Обычно весёлая, сейчас Бажена, собирая на стол, обиженно молчала. Маринка, принимая из тётушкиных рук чистую посуду, нарезанный хлеб, горшок с горячими щами, заглядывала женщине в лицо, желая хоть немного подбодрить и утешить, но Бажена не поднимала глаз. И только когда Маринка перехватила её руку, глянула тоскливо и пробормотала под нос:

— Лошади, лошади, кругом одни лошади… нет бы полезную скотину привёл.
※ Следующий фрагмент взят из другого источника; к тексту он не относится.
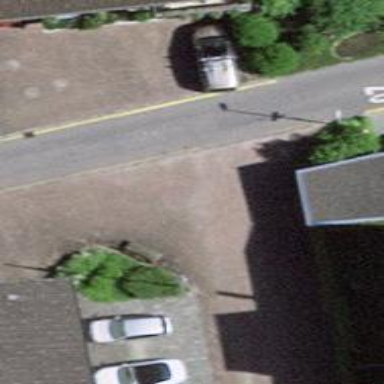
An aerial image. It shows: Brown bench in the vicinity.
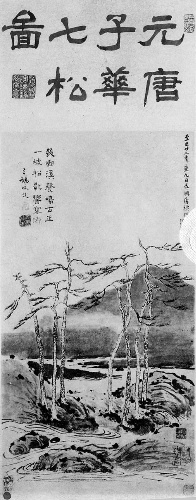
Artist: Unidentified artist
Object type: Hanging scroll
Classification: Paintings
Medium: Hanging scroll; color on paper
Culture: China
Period: Ming (1368–1644) or Qing (1644–1911) dynasty
Dimensions: 23 1/8 x 12 in. (58.7 x 30.5 cm)
Department: Asian Art
Credit line: Rogers Fund, 1918
Accession year: 1918
Repository: Metropolitan Museum of Art, New York, NY
Tags: Landscapes|Trees
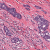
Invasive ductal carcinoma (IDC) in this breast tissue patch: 1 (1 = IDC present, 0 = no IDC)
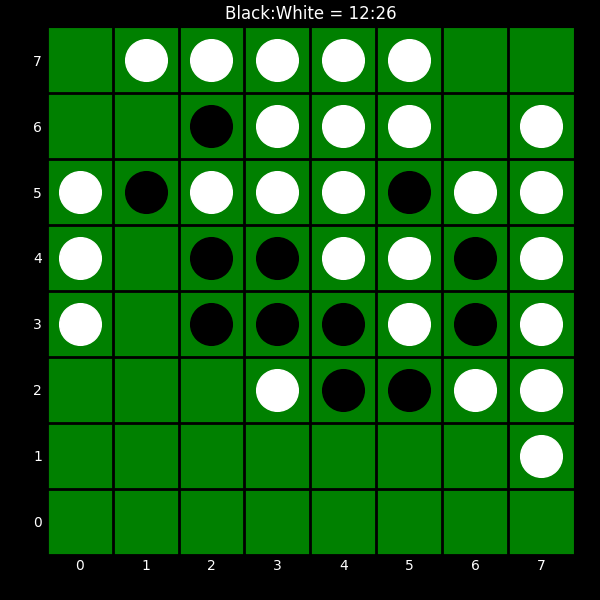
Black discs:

Маринка вновь посмотрела на мужа, но тот невозмутимо вертел в руках ложку, лишь опять едва заметно улыбнулся. Залаял Палаш, и Борво глянул в окно. Поднялся, подошёл к Бажене и ласково обнял тётку за плечи:

— Сходи, посмотри, кто там.

Женщина, по-прежнему не поднимая головы, вытерла руки и пошла к двери. Маринка с мольбой подступила к мужу, но он, не дав ей сказать ни слова, взял за руку и пошёл следом за Баженой. Тётка как раз открывала калитку и вдруг охнула и схватилась за грудь. Перепуганная Маринка дёрнулась было к ней, но тут услышала тонкое блеяние — в калитку протиснулся давешний голубоглазый паренёк и втянул за собой белоснежную молоденькую козочку.

Бажена отступила, пошатнулась, схватилась за щёки, потом прижала руки к груди. Оглянулась, увидела Борво и снова схватилась за лицо:

— Сынок, сынок… — а по морщинистым щекам уже бежали слёзы, — сынок… — и протянула к Борво руки.

Мужчина, смеясь, шагнул навстречу, и тётка упала в его объятия, заливаясь благодарными слезами. Мальчишка недоумённо хлопал ресницами, но помалкивал и только дёргал верёвку, подтаскивая к себе тянущуюся за травкой животинку.

— Ну иди, иди, забирай свою козу, — ласково прогудел Борво, когда Бажена перестала всхлипывать, и усмехнулся: — Довольна теперь?

— Ой, сынок, — Бажена торопливо утёрла слёзы и глянула на Борво виновато, — ты уж прости меня, неразумную.

— Иди, иди, — Борво с улыбкой легонько подтолкнул женщину вперед.

Бажена подошла к пареньку, взяла из его рук верёвку и, ласково потрепав соломенные кудри, прижала мальчишку к себе. Тот вывернулся, засмеялся, показав недостающие зубы, и кивнул на козу:

— Её Белянкой зовут, — совсем по-взрослому махнул рукой Борво и выскочил за ворота.